If $x\in U$ then $N_{\left(x,t\right)}=\left(P\cap W\right)\times Q$ suffices, so we are ready if has been shown that $\overline{A}\cap W\subset U$. We have $\left(A\cap W\right)\times\left\{ t\right\} \subset V$. For $x\in A\cap W$ find open sets $P$ and $Q$ open with $\left(x,t\right)\in P\times Q\subset V$. Then $\left(A\cap P\right)\times Q\subset O$ so $x\in U$. This proves that $A\cap W\subset U$. Now let $x\in\overline{A}\cap W$. We have $\left(x,t\right)\in r_{1}^{-1}\left(W\right)$ and this set is open.
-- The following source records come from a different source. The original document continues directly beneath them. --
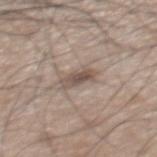anatomic site: the back | imaging modality: total-body-photography crop, ~15 mm field of view | illumination: white-light illumination | patient: male, aged around 75.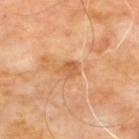Clinical impression: This lesion was catalogued during total-body skin photography and was not selected for biopsy. Image and clinical context: A 15 mm crop from a total-body photograph taken for skin-cancer surveillance. Approximately 2.5 mm at its widest. A male patient aged 63–67. Located on the upper back. Imaged with cross-polarized lighting.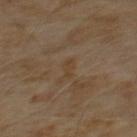The lesion was photographed on a routine skin check and not biopsied; there is no pathology result. A male patient, aged approximately 60. Imaged with cross-polarized lighting. The lesion's longest dimension is about 2.5 mm. A 15 mm crop from a total-body photograph taken for skin-cancer surveillance. Automated tile analysis of the lesion measured an average lesion color of about L≈38 a*≈14 b*≈28 (CIELAB) and roughly 4 lightness units darker than nearby skin. Located on the chest.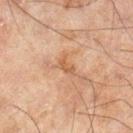biopsy status = no biopsy performed (imaged during a skin exam); site = the right lower leg; automated lesion analysis = an average lesion color of about L≈47 a*≈18 b*≈31 (CIELAB), about 7 CIELAB-L* units darker than the surrounding skin, and a normalized lesion–skin contrast near 6; acquisition = total-body-photography crop, ~15 mm field of view; patient = male, aged 43–47; lesion diameter = about 2.5 mm.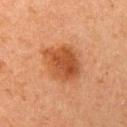Q: Is there a histopathology result?
A: catalogued during a skin exam; not biopsied
Q: Illumination type?
A: cross-polarized
Q: Patient demographics?
A: female, roughly 60 years of age
Q: What kind of image is this?
A: ~15 mm crop, total-body skin-cancer survey
Q: Where on the body is the lesion?
A: the left upper arm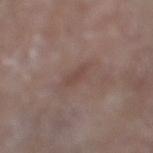The lesion was photographed on a routine skin check and not biopsied; there is no pathology result.
On the right lower leg.
Imaged with white-light lighting.
A roughly 15 mm field-of-view crop from a total-body skin photograph.
The patient is a male in their 80s.
Approximately 3 mm at its widest.

Consequently some $s\in\mathbb{I}\backslash\left\{ t\right\} $ exists with $r_{1}\left(x,s\right)\in W$. Set $r_{2}^{-1}\left(\left\{ s\right\} \right)$ is closed so from $A\times\left\{ s\right\} \subset r_{2}^{-1}\left(\left\{ s\right\} \right)$ it follows that $\overline{A}\times\left\{ s\right\} =\overline{A}\times\overline{\left\{ s\right\} }=\overline{A\times\left\{ s\right\} }\subset r_{2}^{-1}\left(\left\{ s\right\} \right)$. Then $r\left(\overline{A}\times\left\{ s\right\} \right)\subset Y_{t}\cap X\times\left\{ s\right\} =A\times\left\{ s\right\} $ so $r_{1}\left(x,s\right)\in A$. Then $r_{1}\left(x,s\right)\in U$ since $A\cap W\subset U$. Let $P$ and $Q$ be open sets with $\left(r_{1}\left(x,s\right),t\right)\in P\times Q$ and $\left(A\cap P\right)\times Q\subset O$. Then $\left(x,s\right)\in r_{1}^{-1}\left(P\right)$ and this set is open. Consequently some open $R$ exists with $x\in R$ and $r_{1}\left(R\times\left\{ s\right\} \right)\subset P$. Then $A\cap R\subset r_{1}\left(R\times\left\{ s\right\} \right)\subset P$ so that $\left(A\cap R\right)\times Q\subset\left(A\cap P\right)\times Q\subset O$. This allows the final conclusion that $x\in U$.